Former US President Bill Clinton has been chosen to lead the US delegation to a weekend commemoration of the 1995 Srebrenica massacre. He will be joined by his former Secretary of State Madeleine Albright.

Mustafa Ceric mit Bill Clinton und Imam Kavazovic 1995
Seen here opening a memorial in Bosnia in 2003, Clinton began US-led peace efforts after SrebrenicaImage: picture-alliance/dpa

Clinton, who was serving US president at the time of the massacre, was selected to head the delegation by President Barack Obama.

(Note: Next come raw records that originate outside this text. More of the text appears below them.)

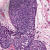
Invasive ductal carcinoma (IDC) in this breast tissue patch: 0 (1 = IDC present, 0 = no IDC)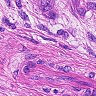
Metastatic tissue present: yes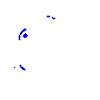
Particle: kaon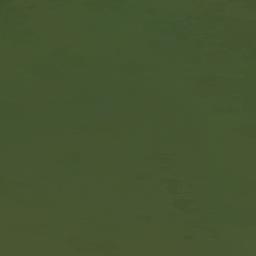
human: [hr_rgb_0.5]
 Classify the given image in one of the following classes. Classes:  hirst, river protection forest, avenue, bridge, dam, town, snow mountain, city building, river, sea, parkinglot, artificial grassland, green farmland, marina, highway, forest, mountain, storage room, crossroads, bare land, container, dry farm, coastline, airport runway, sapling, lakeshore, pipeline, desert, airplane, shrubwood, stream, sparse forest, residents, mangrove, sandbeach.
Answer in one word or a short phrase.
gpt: sea
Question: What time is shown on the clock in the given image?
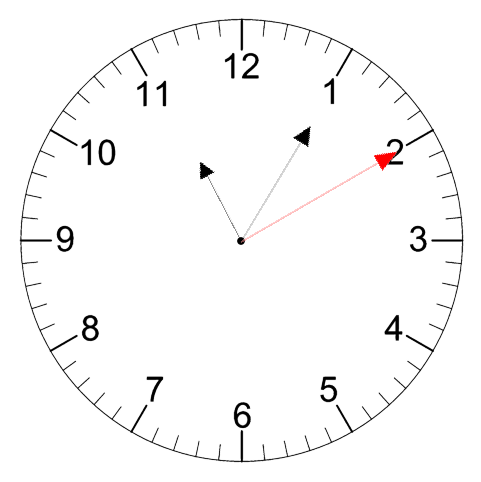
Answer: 11:05:10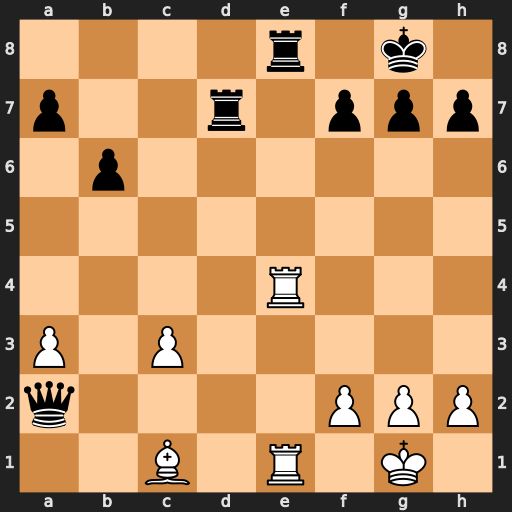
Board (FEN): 4r1k1/p2r1ppp/1p6/8/4R3/P1P5/q4PPP/2B1R1K1
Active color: w
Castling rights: -
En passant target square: -
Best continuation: Rxe8#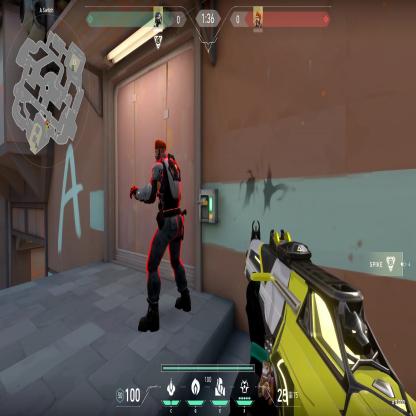
Label: enemy

As well as being joined by members of the US Congress, he will also be accompanied by Madeleine Albright. Albright, who was US Secretary of State between 1997 and 2001, is part of a bipartisan 10-member delegation including members of the Senate and House of Representatives.

The commemoration is scheduled for Saturday in Bosnia-Herzegovina.

Srebrenica has gone down in history as the worst massacre to have occurred on European soil since World War II.

Bosnian Serb troops, led by Gen. Ratko Mladic - who is currently on trial in the Hague - overran Srebrenica in July 1995, while it remained an enclave within Serb-held territory. Some 25,000 people remained in the town, seeking help from Dutch UN peacekeepers. the UN soldiers were outnumbered and the Serb forces immediately slaughtered some 2,000 men and boys, before pursuing and killing some 6,000 who fled into the forests.

As US President between 1993 and 2001, Clinton presided over the US response to conflict in the former Yugoslavia.

Peace talks to end war

After having waited for a European response to the conflict that never fully materialized, Clinton dispatched a high-level delegation to the Balkans, with the efforts leading to US sponsored peace talks at Dayton, Ohio. The Bosnian War officially ended on December 14, 1995.

In August 1995, as the chief US delegate to the United Nations, Albright notably displayed aerial photographs to the UN Security Council that showed mounds of freshly dug earth near to Srebrenica. The displaced soil had not been seen in previous pictures, and was consistent with mass burials having taken place.

Serbian Prime Minister Aleksandar Vucic has agreed to attend the commemoration event.

Vucic has said he would not attend the event if a resolution declaring Srebrenica to have been a genocide was passed by the UN Security Council. He said he had asked Russian President Vladimir Putin to intervene and, on Wednesday, Russia used its veto in the Council to block the British-proposed resolution.